Há uma pluralidade e diferenciação bastante grande entre as/os jovens e as juventudes devido às desigualdades, acesso a oportunidades, políticas públicas, direitos e condições que perpassam a vida, a identidade e as trajetórias juvenis, ampliadas e singularizadas pela territorialidade, raça, sexo, gênero, etnia, local de moradia, estrutura familiar, dentre outros. Portanto, não há um único modo de ser jovem, não há um protótipo de jovem ideal instituído que possa ser tomado como padrão para todas/os jovens, pois cada sujeito vive de maneira única a própria condição juvenil.

O que pode vir a diferenciar jovens e juventudes das demais gerações é a sua sensibilidade, criatividade e originalidade de produzir, captar e expressar de maneira múltipla, diferencia, diversa e antecipada as tendências e elementos presentes e emergentes nas sociedades, contextos e culturas nas quais vivem, tanto positivos quanto negativos, aceleradas e entrecruzadas pela globalização, conexão, apropriação e exposição virtual, Internet, tecnologias da informação, comunicação e redes sociais, ou seja, os mundos estão conectados, de alguma maneira, e configuram modos de ser, subjetividades, produtos e modos de consumir, cosmovisões, pertencimentos, experimentações.

Mesmo que apresentados de maneira breve, tais elementos culturais precisam ser muito bem conhecidos pelas religiões, Igrejas, famílias, educadores, sociedade em geral, pois jovens e juventudes, de alguma maneira, estão imersos neles e eles influenciam suas vivências, experimentações, sonhos, valores e projetos de vida.

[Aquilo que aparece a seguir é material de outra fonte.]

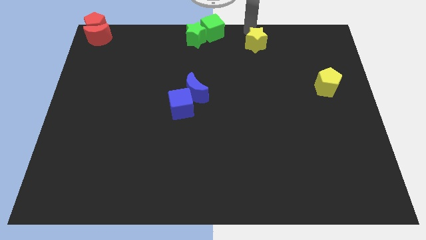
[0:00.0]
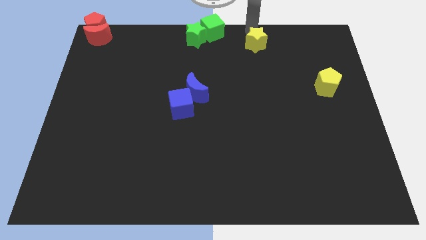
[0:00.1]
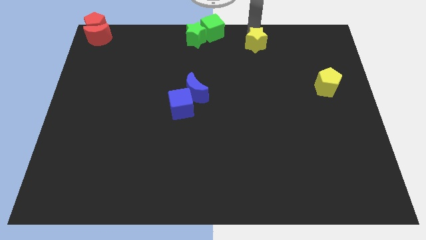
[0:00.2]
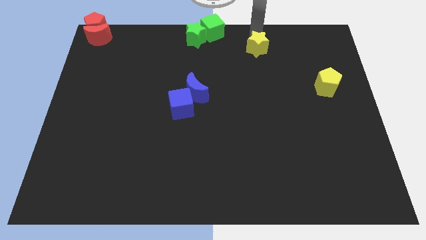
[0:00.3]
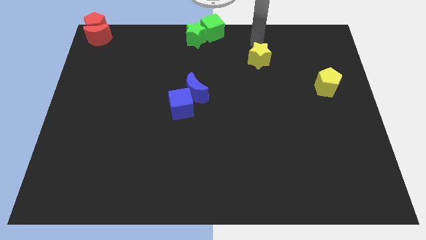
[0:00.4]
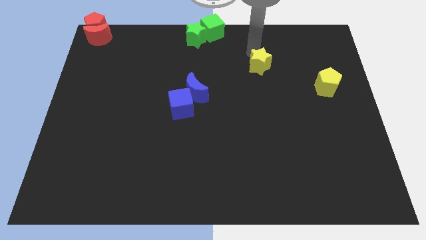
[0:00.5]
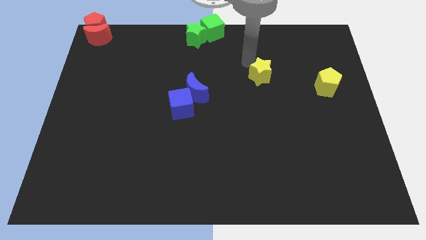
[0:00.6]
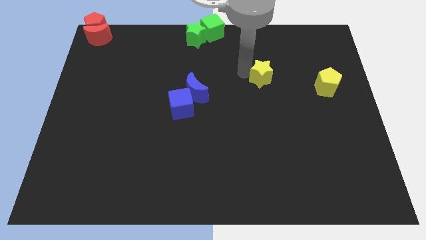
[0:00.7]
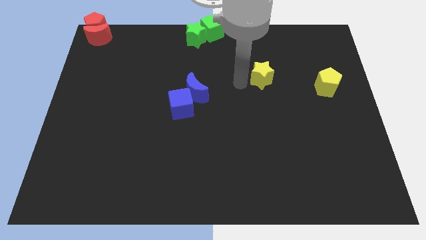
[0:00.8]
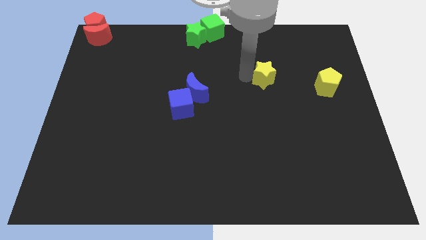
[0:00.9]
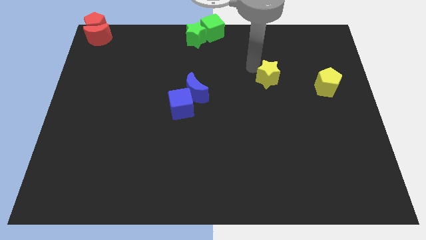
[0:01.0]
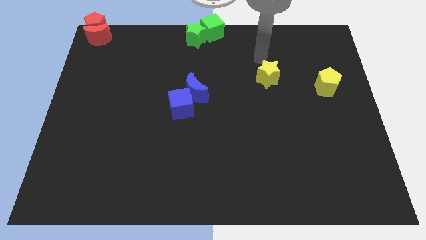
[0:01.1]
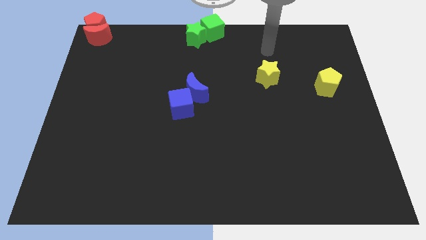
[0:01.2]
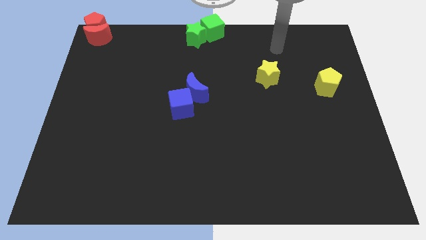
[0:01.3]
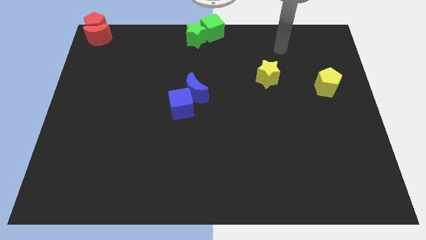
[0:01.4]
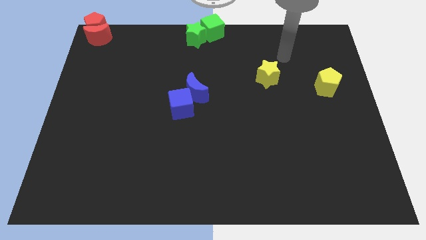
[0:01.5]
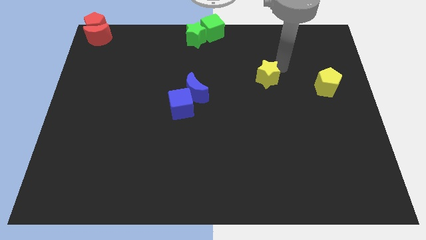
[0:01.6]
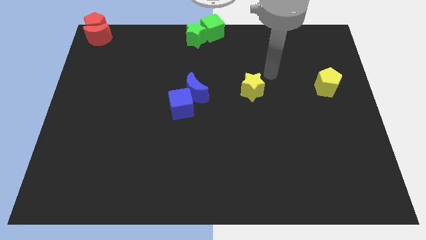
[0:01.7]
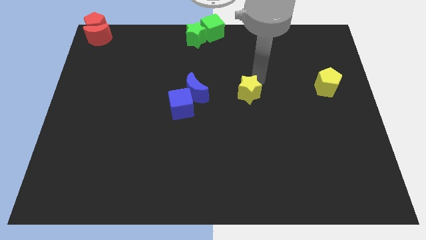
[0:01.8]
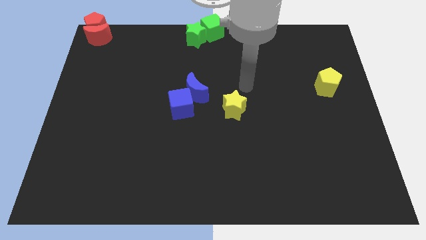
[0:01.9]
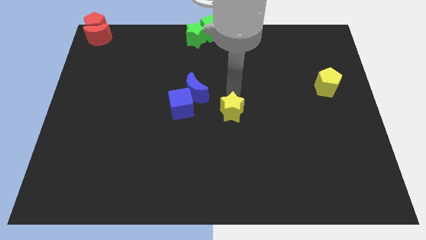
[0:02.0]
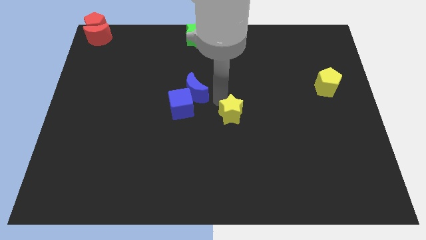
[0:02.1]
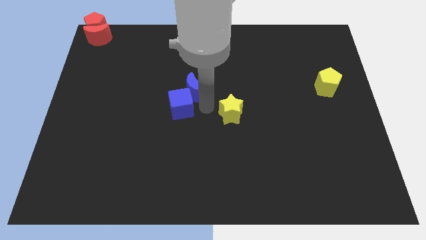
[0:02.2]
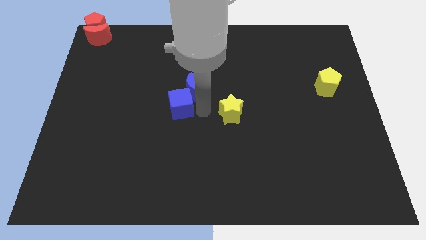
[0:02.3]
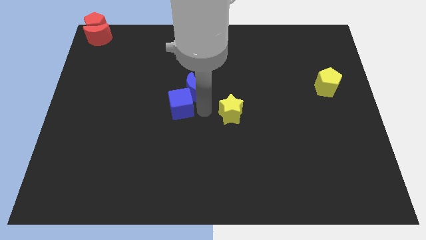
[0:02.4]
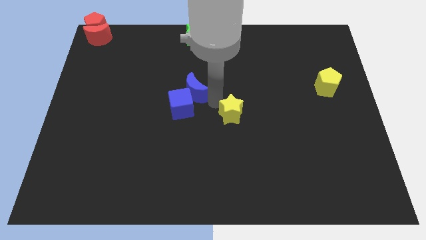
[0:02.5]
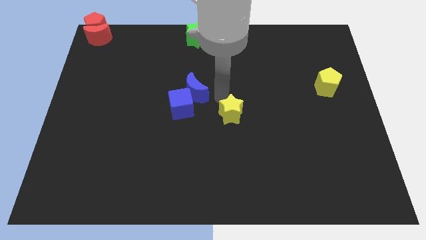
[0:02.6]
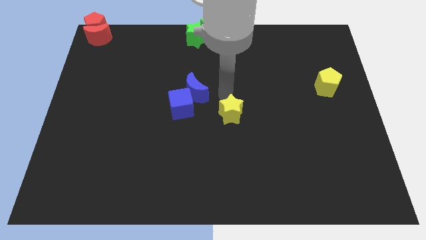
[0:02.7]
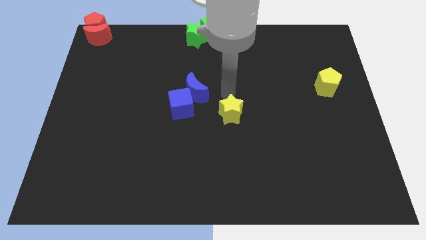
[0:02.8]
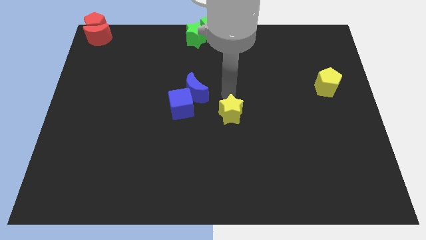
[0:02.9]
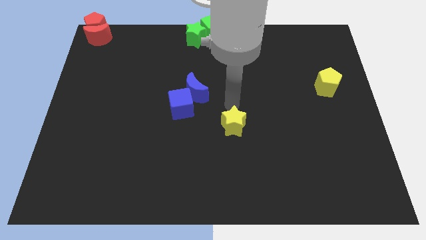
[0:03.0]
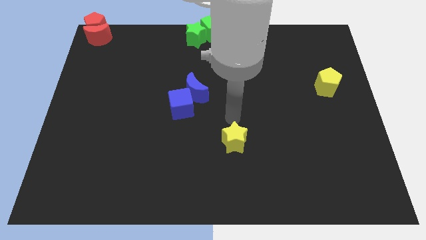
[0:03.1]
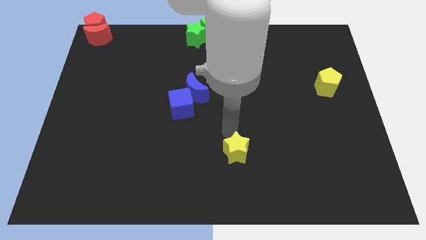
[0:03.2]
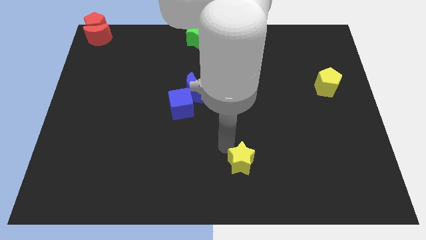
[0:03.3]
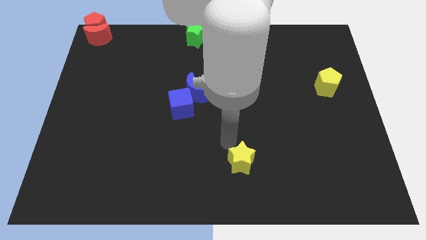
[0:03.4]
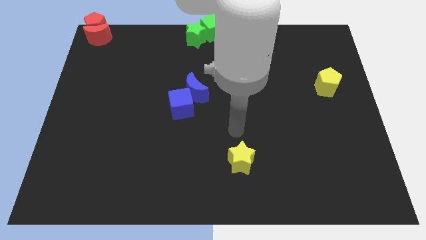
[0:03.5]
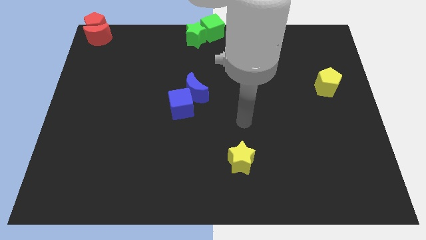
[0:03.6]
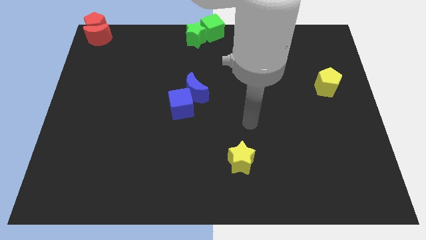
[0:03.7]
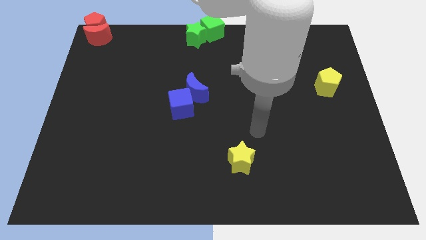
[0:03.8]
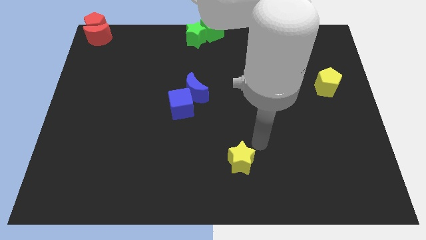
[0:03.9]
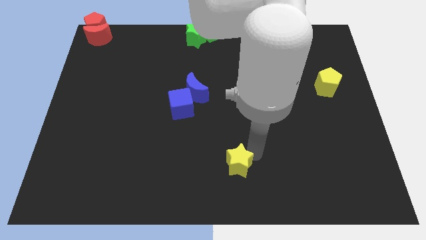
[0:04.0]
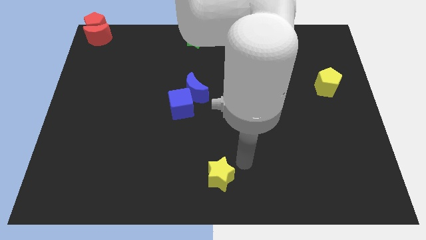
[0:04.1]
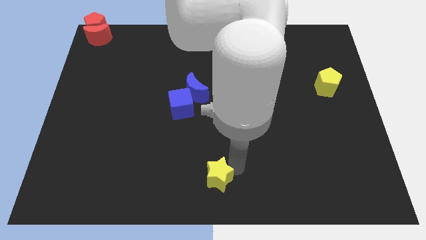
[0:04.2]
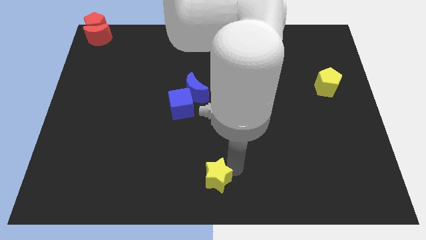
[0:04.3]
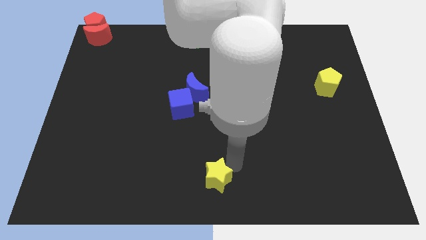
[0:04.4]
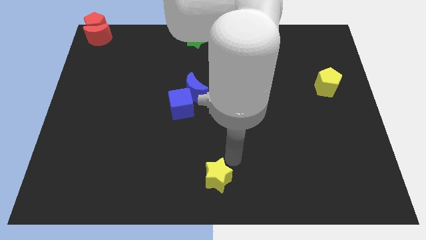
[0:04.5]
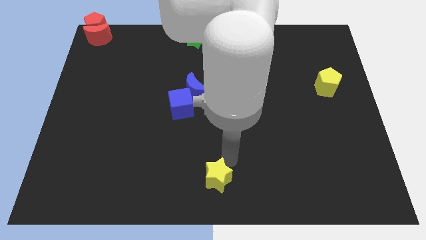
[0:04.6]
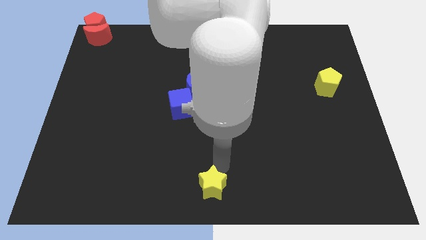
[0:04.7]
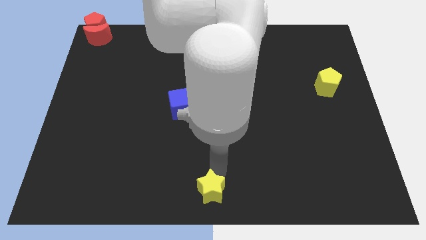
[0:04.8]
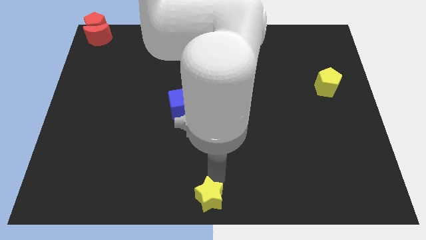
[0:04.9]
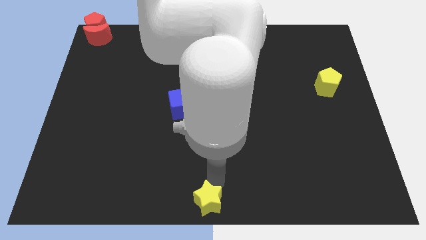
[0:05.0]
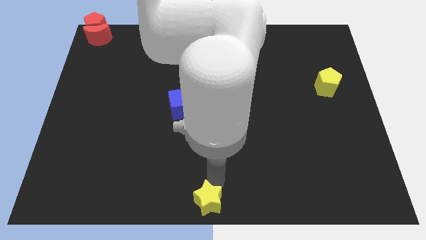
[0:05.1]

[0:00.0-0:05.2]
push the yellow star to the bottom center of the board

Não há mais espaço ou postura para moralismos, autoritarismos, preconceitos, adultocentrismos, mas, sim, emerge, cada vez mais, a necessidade de “criar pontes e derrubar muros”, fomentar o diálogo, conhecer, acolher e acompanhar os diversos modos de se viver a condição, as trajetórias e as experiências juvenis, abrir-se para o aprendizado em conjunto com as/os jovens a partir de suas realidades, anseios, problemáticas, questionamentos, inseguranças, incertezas dentre outros.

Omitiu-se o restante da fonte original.